__WHAT IS BEING ASKED__
Below are the records; count the lines that include the string "image" and give only that number.

[Stored data entries]
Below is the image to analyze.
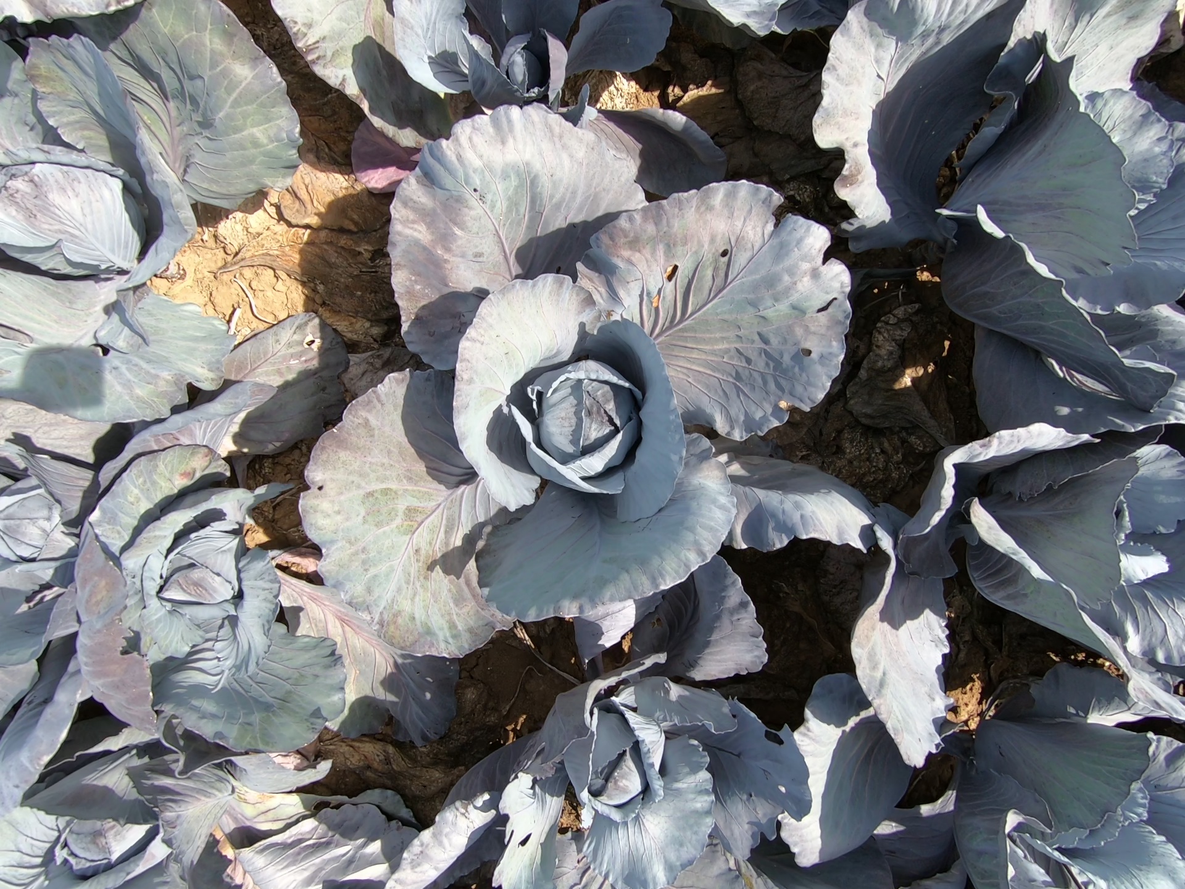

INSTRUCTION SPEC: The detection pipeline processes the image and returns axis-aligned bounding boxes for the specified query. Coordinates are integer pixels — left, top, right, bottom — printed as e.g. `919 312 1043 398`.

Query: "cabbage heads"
2 469 127 573
539 362 636 472
59 771 168 870
562 712 659 808
1007 483 1129 578
991 740 1107 844
2 146 141 277
503 49 547 94
166 529 246 605

__ANSWER FOR THE TASK__
2